Interrogé par un lecteur, le journal a voulu vérifier à la Source un constat selon lequel les cas de violences conjugales et d’agressions sexuelles semblent se multiplier. Après vérification, c’est unanime, il n’y aurait pas plus de violences, mais plus de dénonciations.
« On constate une explosion des demandes depuis la pandémie, les nombreux féminicides et l’arrivée des tribunaux spécialisés. Mais y a-t-il une augmentation de la violence, ou est-elle davantage dénoncée ? », demande Véronique Mercier, responsable des communications du Havre l’Éclaircie, qui soutient les femmes victimes de violence conjugale et leurs enfants.
Notamment, cette année, l’organisation a enregistré un taux d’hébergement de 111 %, un sommet historique. Toutefois, Mme Mercier sait que le langage a évolué. « Avant, les femmes ne se reconnaissaient pas toujours dans le terme de violence domestique. On parle maintenant de relations toxiques, de signaux d’alarme, etc. Les femmes et les adolescentes se reconnaissent davantage », dit-elle, soulignant que Havre l’Éclaircie sensibilise beaucoup plus que par le passé, dans des milieux différents.
« La violence s’installe de manière très sournoise. Il faut y voir une série de stratégies et d’actes de contrôle sur autrui. La violence n’est pas seulement physique, mais aussi psychologique, verbale, sexuelle et économique.
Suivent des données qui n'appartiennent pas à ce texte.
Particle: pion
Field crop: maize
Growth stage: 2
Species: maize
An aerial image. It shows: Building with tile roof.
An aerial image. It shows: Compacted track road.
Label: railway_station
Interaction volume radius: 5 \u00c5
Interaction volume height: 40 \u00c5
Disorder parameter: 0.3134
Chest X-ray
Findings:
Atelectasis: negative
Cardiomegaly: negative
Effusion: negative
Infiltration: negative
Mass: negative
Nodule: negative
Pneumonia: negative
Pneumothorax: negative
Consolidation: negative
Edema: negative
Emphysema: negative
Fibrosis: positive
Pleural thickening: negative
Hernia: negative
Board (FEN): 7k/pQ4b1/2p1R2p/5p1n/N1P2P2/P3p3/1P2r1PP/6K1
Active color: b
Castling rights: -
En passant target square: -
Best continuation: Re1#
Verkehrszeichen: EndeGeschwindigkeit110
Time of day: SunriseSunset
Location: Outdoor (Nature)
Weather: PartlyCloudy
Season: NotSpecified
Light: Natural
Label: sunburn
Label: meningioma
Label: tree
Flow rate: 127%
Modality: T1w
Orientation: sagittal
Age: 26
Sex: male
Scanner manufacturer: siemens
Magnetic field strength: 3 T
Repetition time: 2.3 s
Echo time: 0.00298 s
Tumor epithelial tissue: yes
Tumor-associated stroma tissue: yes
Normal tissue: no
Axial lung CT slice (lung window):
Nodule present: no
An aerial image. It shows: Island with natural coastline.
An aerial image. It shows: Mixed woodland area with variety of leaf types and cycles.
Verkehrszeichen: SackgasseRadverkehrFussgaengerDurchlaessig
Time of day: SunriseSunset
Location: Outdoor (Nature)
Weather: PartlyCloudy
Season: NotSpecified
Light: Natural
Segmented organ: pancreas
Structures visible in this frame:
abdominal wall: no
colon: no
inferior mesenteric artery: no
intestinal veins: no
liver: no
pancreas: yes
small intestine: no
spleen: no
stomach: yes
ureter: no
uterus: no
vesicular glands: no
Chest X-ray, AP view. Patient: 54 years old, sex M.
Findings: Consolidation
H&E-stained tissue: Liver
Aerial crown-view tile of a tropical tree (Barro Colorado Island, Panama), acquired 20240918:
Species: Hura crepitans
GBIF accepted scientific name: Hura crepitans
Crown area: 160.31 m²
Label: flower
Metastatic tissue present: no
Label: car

On parle aussi de contrôle coercitif pour tout ce qui implique d’isoler, de surveiller, de contrôler, de menacer, de harceler la victime », dit-elle, consciente qu’il est souvent très difficile de sortir d’une relation conjugale. , alors que les stratégies de contrôle de l’ex-conjoint ont même tendance à se multiplier après la rupture.
Même constat à Jonction pour elle, qui est un refuge pour femmes victimes de violences conjugales et leurs enfants.
« Les chiffres augmentent chaque année. […] Pour l’année 2023-2024, notre taux d’occupation est de 136%. Il faut rediriger les femmes vers d’autres foyers et vers SOS Violences Domestiques», informe sa directrice Sylvie Bernatchez, qui attribue également cette augmentation aux campagnes de sensibilisation menées pendant et après la pandémie.
« Les femmes les ont entendus et ont demandé de l’aide. […] Il faut prêter attention à toutes les manifestations de contrôle coercitif. Les violences domestiques commencent rarement par des violences physiques et certaines manifestations peuvent, prises une à une, passer inaperçues et recevoir une aide anodine. C’est leur répétition, jour après jour, qui finit par créer un climat de terreur parmi les victimes. Nous espérons donc que les victimes, mais surtout les professionnels, seront capables de reconnaître les manifestations et d’intervenir. »
«Les enfants et les adolescents sont de plus en plus sensibilisés à ce type d’infractions et osent plus porter plainte qu’à une époque», a déclaré Julia Richard, directrice adjointe et travailleuse sociojudiciaire d’Équijustice Beauce.
« Les principes concernant le consentement ont changé ces dernières années. L’accent doit être mis sur le fait que celui qui consent a aussi du plaisir. Si cette notion est absente de l’équation, il n’y a pas de consentement. En outre, le consentement peut être vérifié, il peut être demandé, il peut être validé. […] Il n’y a rien de « pas grave ». »
Du côté du Centre d’aide et de lutte contre les agressions sexuelles (CALACS), Julie Houde, garde sociale et responsable des communications, est d’avis que les campagnes gouvernementales, ainsi que le mouvement #metoo lancé en 2017, ont permis à de nombreuses personnes de parler publiquement de leurs expériences et être entendus.
« Chaque situation est différente. Nous avons remarqué qu’il y a plus de personnes qui sollicitent nos services après avoir été agressées sexuellement alors qu’elles étaient en état d’ébriété avec l’une des drogues du viol. On constate également une augmentation des demandes de personnes ayant subi des agressions de la part de leur conjoint. Il y a aussi de plus en plus de situations liées au partage de photos intimes”, a-t-elle déclaré.
Il faut savoir que le nombre de personnes soutenues par l’organisme est passé de 97 à 133 entre 2004 et 2020. Ce chiffre a bondi pendant la pandémie pour atteindre 343 signalements en 2024.